[Given records]

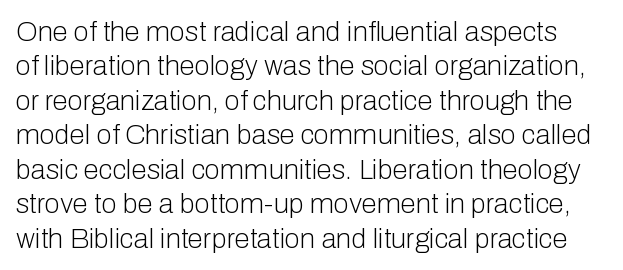
Q: Is the text bold? A: No.
Q: Is the text italic (slanted)? A: No, it is upright.
Q: Is the typeface a serif or a sans-serif typeface? A: Sans-serif.
Q: Is the text underlined? A: No.
Q: Is the spacing between letters normal or unusually wide? A: Normal.
Q: Width (condensed, normal, or wide)? A: Normal.
Q: Stroke contrast? A: Low.
Q: x-height? A: Medium.
Q: Monospaced? A: No.
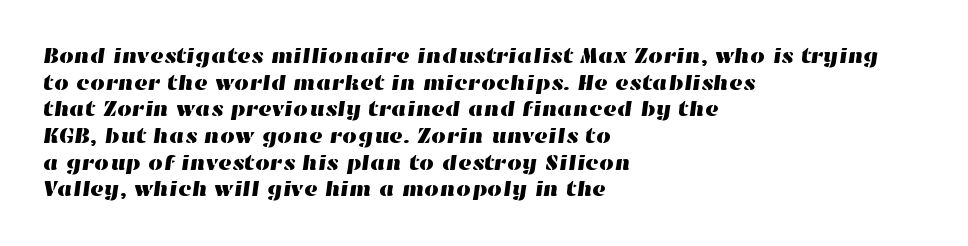
Q: Is the text underlined? A: No.
Q: How is the paragraph aligned? A: Left-aligned.
Q: Is the spacing between letters normal or unusually wide? A: Normal.
Q: Is the spacing between lines tight, normal or loose? A: Normal.
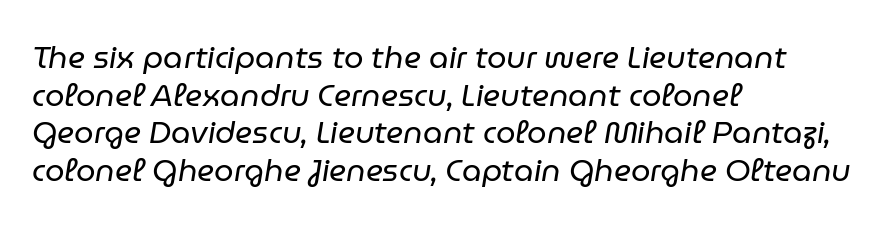
The image shows 31 px regular-weight type, italic (leaning right); set left-aligned, line spacing 1.21x, normal letter spacing, not underlined; low stroke contrast and a medium x-height.
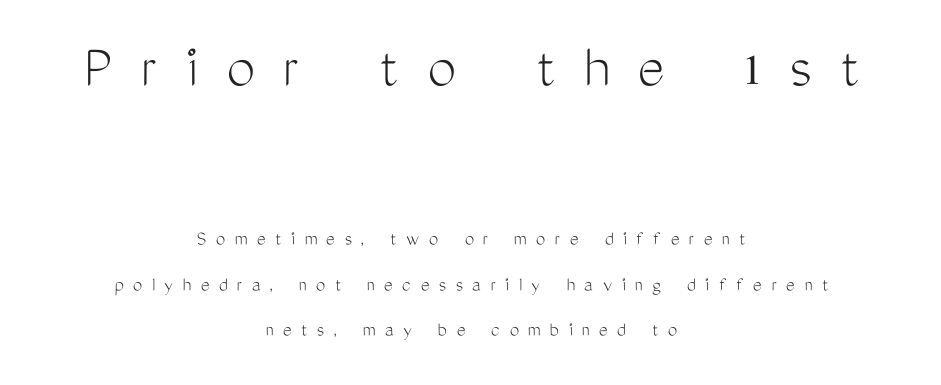
{"serif": "no", "italic": "no", "bold": "no", "weight": "light", "width": "condensed", "stroke_contrast": "medium", "x_height": "medium", "monospaced": "no", "underline": "no", "align": "center", "line_spacing": "loose", "line_spacing_ratio": 2.17, "letter_spacing": "wide", "letter_spacing_em": 0.45, "larger_block": "first", "size_ratio": 3.05, "glyph_px": 64}
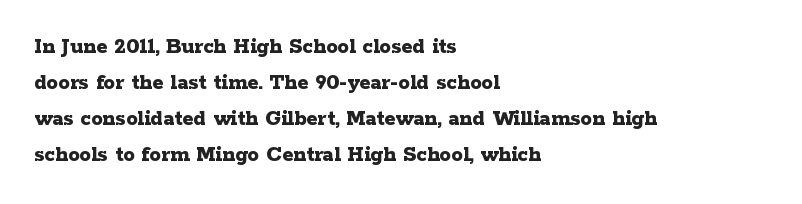
The image shows 23 px bold type, upright; set left-aligned, normal line spacing (1.57x), normal letter spacing, not underlined.

[/Given records]

▶ [Goal of the exercise]: Your answer should be the lines from the first record down to the line containing "Q: Width (condensed, normal, or", restated exactly, with no pictures.

▶ [Exercise output]:
Q: Is the text bold? A: No.
Q: Is the text italic (slanted)? A: No, it is upright.
Q: Is the typeface a serif or a sans-serif typeface? A: Sans-serif.
Q: Is the text underlined? A: No.
Q: Is the spacing between letters normal or unusually wide? A: Normal.
Q: Width (condensed, normal, or wide)? A: Normal.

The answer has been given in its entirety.